■ **Description of the task**
Identify and copy all lines of the material where the string "Character" is found.

■ **Provided material**
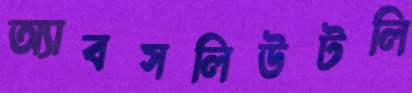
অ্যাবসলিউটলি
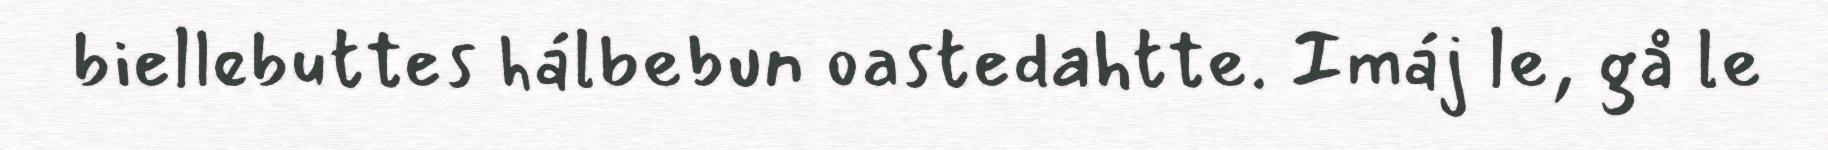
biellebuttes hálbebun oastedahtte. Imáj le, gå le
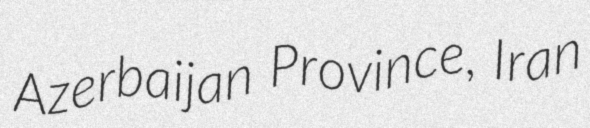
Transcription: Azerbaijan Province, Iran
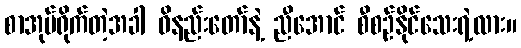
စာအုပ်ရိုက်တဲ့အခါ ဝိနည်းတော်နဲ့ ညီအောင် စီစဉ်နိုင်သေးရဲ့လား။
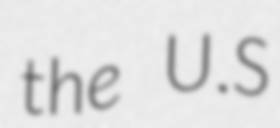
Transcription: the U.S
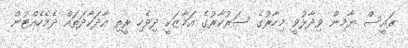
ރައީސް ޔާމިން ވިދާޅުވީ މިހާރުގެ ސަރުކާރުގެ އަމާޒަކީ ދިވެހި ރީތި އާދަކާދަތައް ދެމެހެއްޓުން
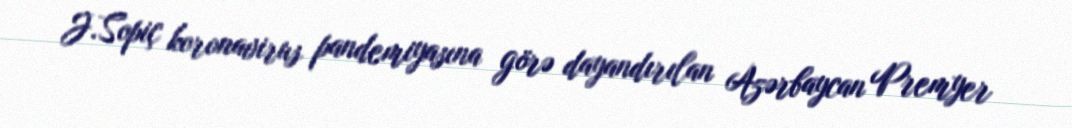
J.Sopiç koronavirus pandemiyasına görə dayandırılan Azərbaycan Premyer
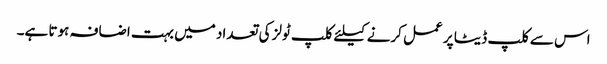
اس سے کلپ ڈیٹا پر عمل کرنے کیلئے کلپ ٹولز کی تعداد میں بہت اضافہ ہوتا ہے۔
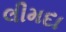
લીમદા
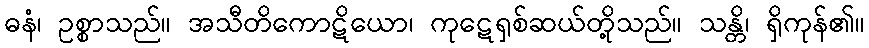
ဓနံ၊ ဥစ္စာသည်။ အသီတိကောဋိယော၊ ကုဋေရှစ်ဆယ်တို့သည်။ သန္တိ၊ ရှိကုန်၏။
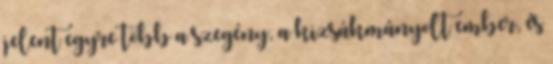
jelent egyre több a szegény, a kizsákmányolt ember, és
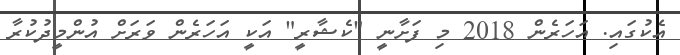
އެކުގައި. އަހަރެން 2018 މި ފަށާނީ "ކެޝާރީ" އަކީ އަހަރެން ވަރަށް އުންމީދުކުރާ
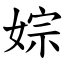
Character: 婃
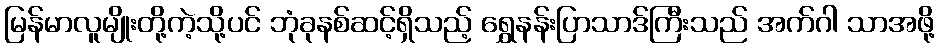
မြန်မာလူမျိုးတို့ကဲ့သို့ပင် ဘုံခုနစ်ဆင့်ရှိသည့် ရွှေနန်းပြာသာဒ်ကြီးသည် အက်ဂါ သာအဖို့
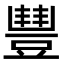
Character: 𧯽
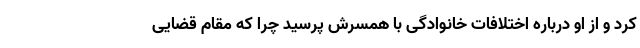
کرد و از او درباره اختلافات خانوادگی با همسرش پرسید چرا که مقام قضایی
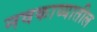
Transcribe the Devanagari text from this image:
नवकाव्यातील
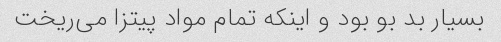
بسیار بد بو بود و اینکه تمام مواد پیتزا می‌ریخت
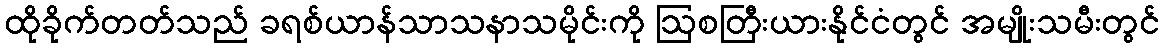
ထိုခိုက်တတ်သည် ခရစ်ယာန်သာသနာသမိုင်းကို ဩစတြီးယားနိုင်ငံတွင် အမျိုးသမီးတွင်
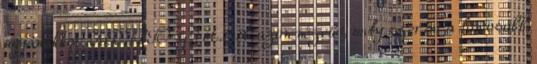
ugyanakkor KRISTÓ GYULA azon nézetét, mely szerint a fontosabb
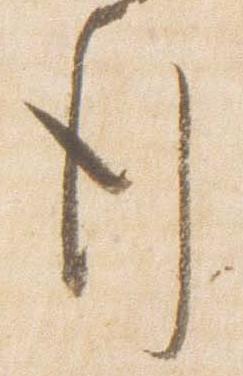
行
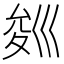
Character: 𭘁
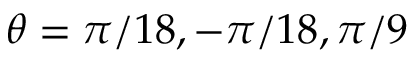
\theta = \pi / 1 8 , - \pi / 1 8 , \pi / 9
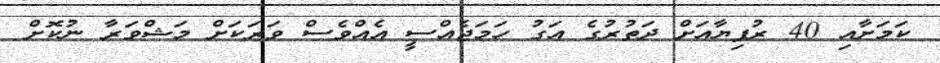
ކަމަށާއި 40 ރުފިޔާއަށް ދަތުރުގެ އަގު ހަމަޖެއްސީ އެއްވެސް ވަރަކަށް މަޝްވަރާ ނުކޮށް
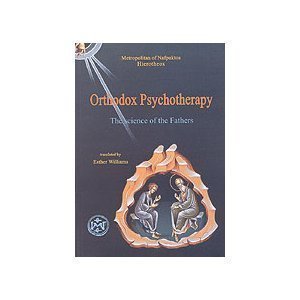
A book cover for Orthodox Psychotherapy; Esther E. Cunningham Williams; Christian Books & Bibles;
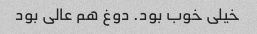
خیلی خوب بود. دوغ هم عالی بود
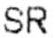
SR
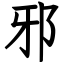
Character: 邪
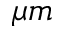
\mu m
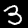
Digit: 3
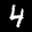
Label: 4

■ **Result of this task**
Character: 婃
Character: 𧯽
Character: 𭘁
Character: 邪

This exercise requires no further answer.